Length — under the 200-line target. Flag anything that drifts past 200 (and especially past 300) without a load-bearing reason.
Behavior test per line — every line should change the agent's behavior on at least one realistic input. Cut narrative, editorial meta-commentary, and incident retellings.
Voice — imperative second person; numbered items for checklists; section headers that label domains or steps.
Cross-reference correctness — referenced agent and skill names exist; referenced section anchors (§2, §3) match the target file's structure. Renames in the target break these silently.
Duplication justification — content duplicated across agents passes the three-condition test in §6. Otherwise, replace the duplicate with a pointer.
Redaction — no real project, organization, codename, or private-tracker-ID references in examples or rationale.
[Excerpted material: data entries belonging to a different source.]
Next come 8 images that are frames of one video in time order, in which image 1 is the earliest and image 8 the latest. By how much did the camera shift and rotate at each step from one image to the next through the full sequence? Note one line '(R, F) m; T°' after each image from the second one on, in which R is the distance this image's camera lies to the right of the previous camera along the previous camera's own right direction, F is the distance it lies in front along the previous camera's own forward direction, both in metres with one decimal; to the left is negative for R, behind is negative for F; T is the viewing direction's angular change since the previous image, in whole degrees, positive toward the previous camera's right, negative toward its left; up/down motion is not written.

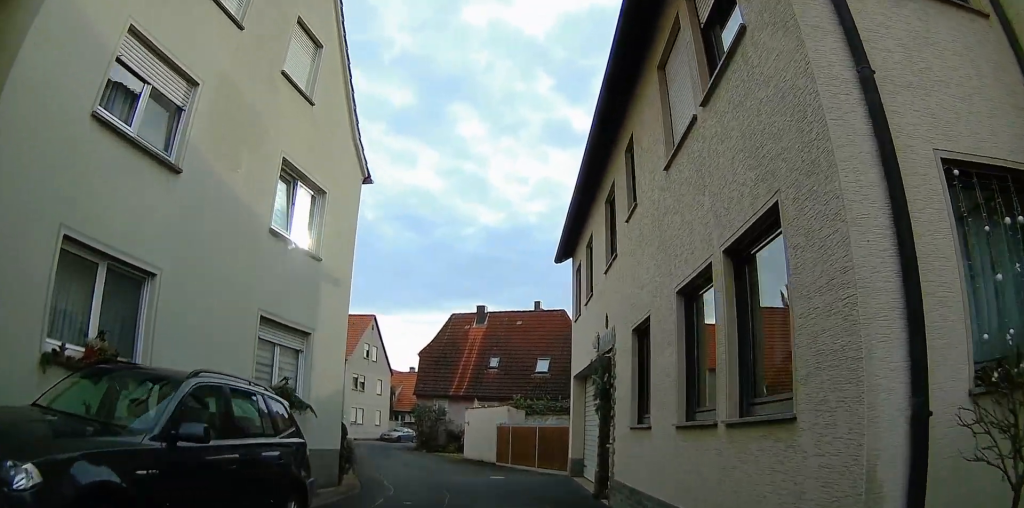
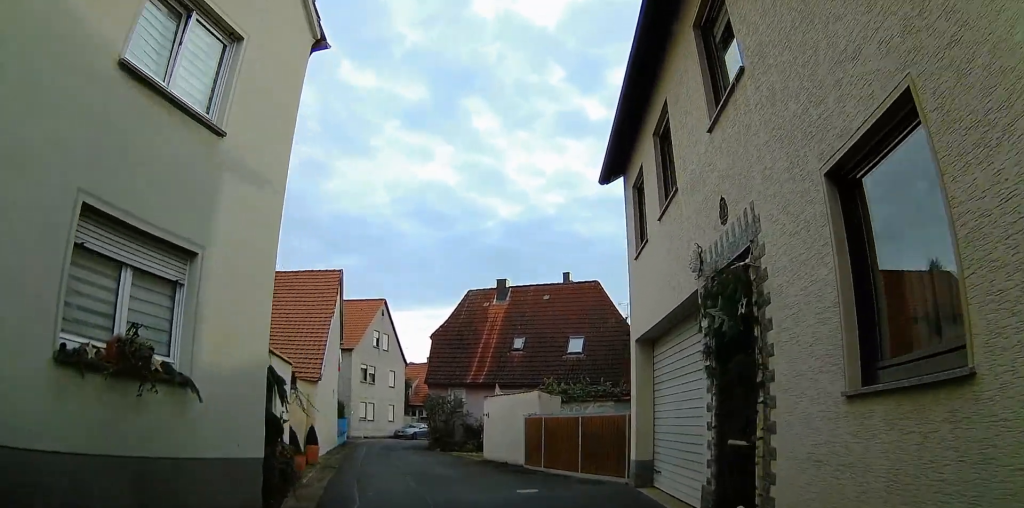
(0.0, +4.2) m; 0°
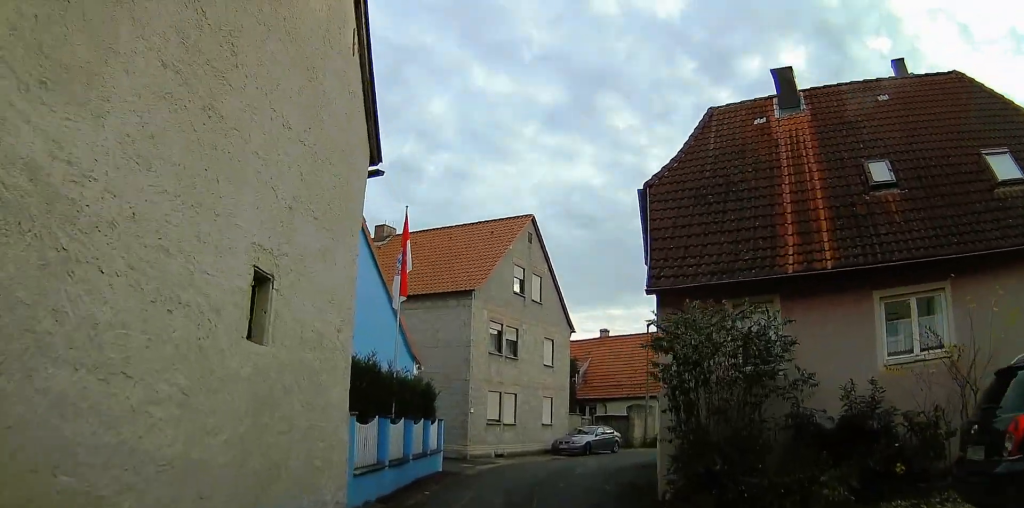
(-0.4, +18.5) m; -21°
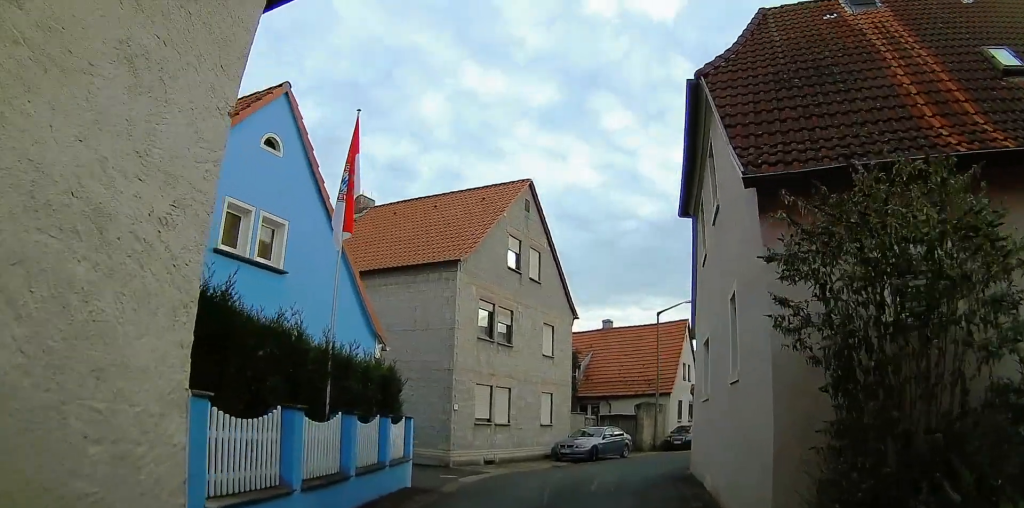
(-0.7, +4.4) m; -5°
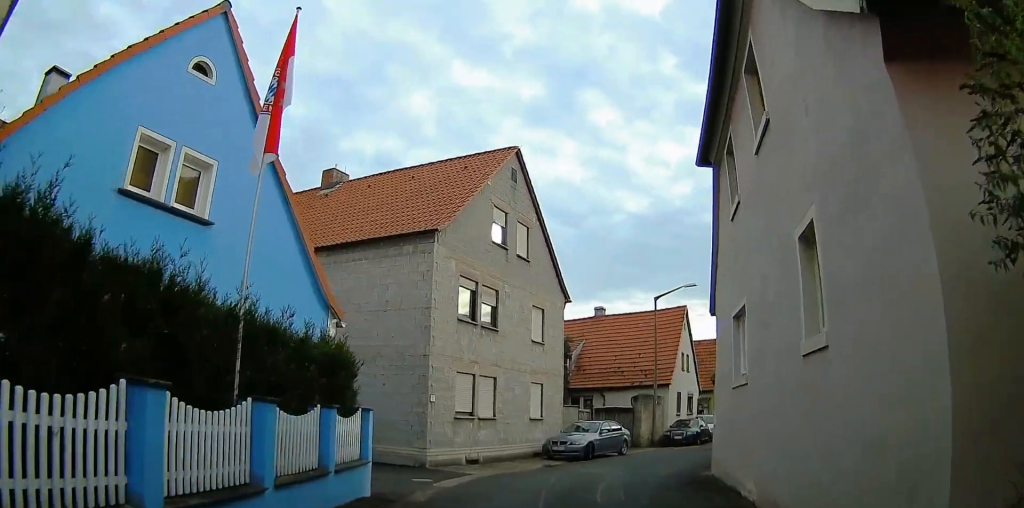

Use PROJ-<digits> or TICKET-<digits> for tracker-shaped placeholders. (Repo-specific; see repo-root CLAUDE.md.)
Behavioral-equivalence audit (compression diffs) — for any diff that removes or shortens lines, before declaring the review complete:

Removed/shortened text Surviving line Behavior-preserving?

(quote) (cite) Y — (quote surviving line) / N — (what is lost)

Y requires citing the specific surviving line that carries the same instruction. "The meaning is the same" is not sufficient. Any N is a finding; restore the instruction.

Compression that drops a forbidden-action callout ("do not X"), an imperative directive, an escape-hatch exception, or a verification command fails this audit even when the summary reads as equivalent.
Reviewer-agent output contract (staff-* and ciso-reviewer only) — verify the agent carries Write in its frontmatter tools list, and has a ### File-based output section in its ## Output format body. Both are required for findings_path dispatch from the code-review dispatcher. An agent missing either falls back to full inline output and can trigger the heredoc-abort-on-large-findings failure the canary guards against.